Any notice given by registered mail shall be deemed given on the date receipt was acknowledged to the postal authorities. Any notice given by mail other than registered or certified mail shall be deemed given only if received by the other party, and then on the date of receipt. Any notice delivered by commercial carrier or by fax shall be deemed given on the date of confirmation of delivery by the carrier or by electronic confirmation. Each party may, by written notice to the other in the manner aforesaid, change the address to which notices addressed to it shall thereafter be mailed.
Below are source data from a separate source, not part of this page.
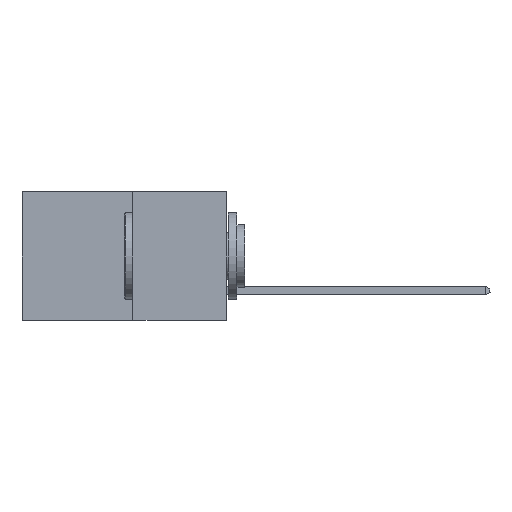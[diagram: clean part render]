
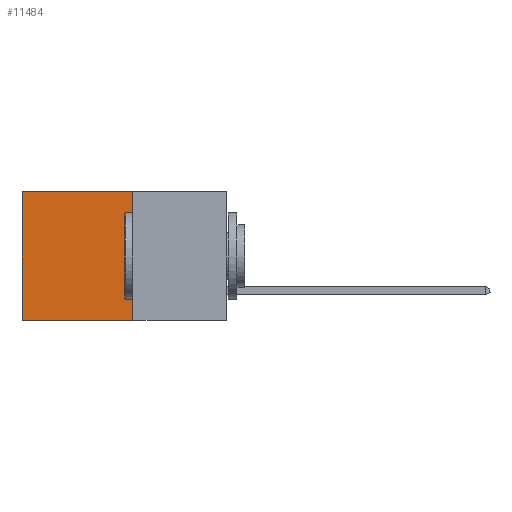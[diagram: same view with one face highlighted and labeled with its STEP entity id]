
A CAD part, left-side view. The second image highlights one B-rep face of the part: STEP entity #11484.
In plain terms, the highlighted planar face has unit normal (-1, 0, 0).
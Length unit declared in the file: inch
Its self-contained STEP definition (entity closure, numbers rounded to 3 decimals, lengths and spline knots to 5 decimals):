
#601 = VERTEX_POINT ( 'NONE', #9472 ) ;
#981 = EDGE_CURVE ( 'NONE', #4190, #23134, #1244, .T. ) ;
#1244 = LINE ( 'NONE', #20952, #20568 ) ;
#1469 = VECTOR ( 'NONE', #21665, 39.37008 ) ;
#1938 = ORIENTED_EDGE ( 'NONE', *, *, #3427, .F. ) ;
#2069 = LINE ( 'NONE', #6106, #1469 ) ;
#2982 = FACE_OUTER_BOUND ( 'NONE', #6025, .T. ) ;
#3132 = DIRECTION ( 'NONE',  ( 0., 0., -1. ) ) ;
#3427 = EDGE_CURVE ( 'NONE', #601, #11427, #14457, .T. ) ;
#4190 = VERTEX_POINT ( 'NONE', #12044 ) ;
#4764 = ORIENTED_EDGE ( 'NONE', *, *, #11985, .F. ) ;
#5549 = PLANE ( 'NONE',  #24179 ) ;
#6025 = EDGE_LOOP ( 'NONE', ( #13100, #1938, #4764, #22525 ) ) ;
#6106 = CARTESIAN_POINT ( 'NONE',  ( 0.277, 0.59, -0.37 ) ) ;
#7315 = DIRECTION ( 'NONE',  ( 0., 1., 0. ) ) ;
#7551 = DIRECTION ( 'NONE',  ( 0., 0., -1. ) ) ;
#9472 = CARTESIAN_POINT ( 'NONE',  ( 0.277, 0.27, -0.37 ) ) ;
#11273 = CARTESIAN_POINT ( 'NONE',  ( 0.277, 0.59, -0.37 ) ) ;
#11427 = VERTEX_POINT ( 'NONE', #11273 ) ;
#11484 = ADVANCED_FACE ( 'NONE', ( #2982 ), #5549, .F. ) ;
#11506 = DIRECTION ( 'NONE',  ( 0., 1., 0. ) ) ;
#11985 = EDGE_CURVE ( 'NONE', #4190, #601, #17425, .T. ) ;
#12044 = CARTESIAN_POINT ( 'NONE',  ( 0.277, 0.27, 0. ) ) ;
#13023 = CARTESIAN_POINT ( 'NONE',  ( 0.277, 0.27, -0.37 ) ) ;
#13100 = ORIENTED_EDGE ( 'NONE', *, *, #23237, .T. ) ;
#14457 = LINE ( 'NONE', #18283, #24029 ) ;
#16826 = VECTOR ( 'NONE', #3132, 39.37008 ) ;
#17266 = CARTESIAN_POINT ( 'NONE',  ( 0.277, 0.27, -0.37 ) ) ;
#17425 = LINE ( 'NONE', #13023, #16826 ) ;
#17488 = CARTESIAN_POINT ( 'NONE',  ( 0.277, 0.59, 0. ) ) ;
#18283 = CARTESIAN_POINT ( 'NONE',  ( 0.277, 0.27, -0.37 ) ) ;
#19207 = DIRECTION ( 'NONE',  ( 1., 0., 0. ) ) ;
#20568 = VECTOR ( 'NONE', #7315, 39.37008 ) ;
#20952 = CARTESIAN_POINT ( 'NONE',  ( 0.277, 0.27, 0. ) ) ;
#21665 = DIRECTION ( 'NONE',  ( 0., 0., -1. ) ) ;
#22525 = ORIENTED_EDGE ( 'NONE', *, *, #981, .T. ) ;
#23134 = VERTEX_POINT ( 'NONE', #17488 ) ;
#23237 = EDGE_CURVE ( 'NONE', #23134, #11427, #2069, .T. ) ;
#24029 = VECTOR ( 'NONE', #11506, 39.37008 ) ;
#24179 = AXIS2_PLACEMENT_3D ( 'NONE', #17266, #19207, #7551 ) ;

     13.11 ATTORNEYS FEES: In the event any party shall bring any action, arbitration proceeding or legal proceeding alleging a breach of any provision of this Lease, to recover rent, to terminate this Lease, or to enforce, protect, determine or establish any term or covenant of this Lease or rights or duties hereunder of either party, the prevailing party shall be entitled to recover from the non-prevailing party as a part of such action or proceeding, or in a separate action for that purpose brought within one year from the determination of such proceeding, reasonable attorneys’ fees, expert witness fees, court costs and other reasonable expenses incurred by the prevailing party. In the event that either party shall be required to retain counsel to enforce any provision of this Lease as a result of the other party’s default in the performance of its obligations hereunder, and if the defaulting party shall thereafter cure (or desire to cure) such default, the non-defaulting party shall be conclusively deemed the prevailing party and the defaulting party shall pay to the other party all attorneys’ fees, expert witness fees, court costs and other reasonable expenses so incurred by the non-defaulting party promptly upon demand. Either party may enforce this provision by either (i) requiring the defaulting party to pay such fees and costs as a condition to curing its default or (ii) bringing a separate action to enforce such payment, it being agreed by and between Landlord and Tenant that the defaulting party’s failure to pay such fees and costs upon demand shall constitute a breach of this Lease.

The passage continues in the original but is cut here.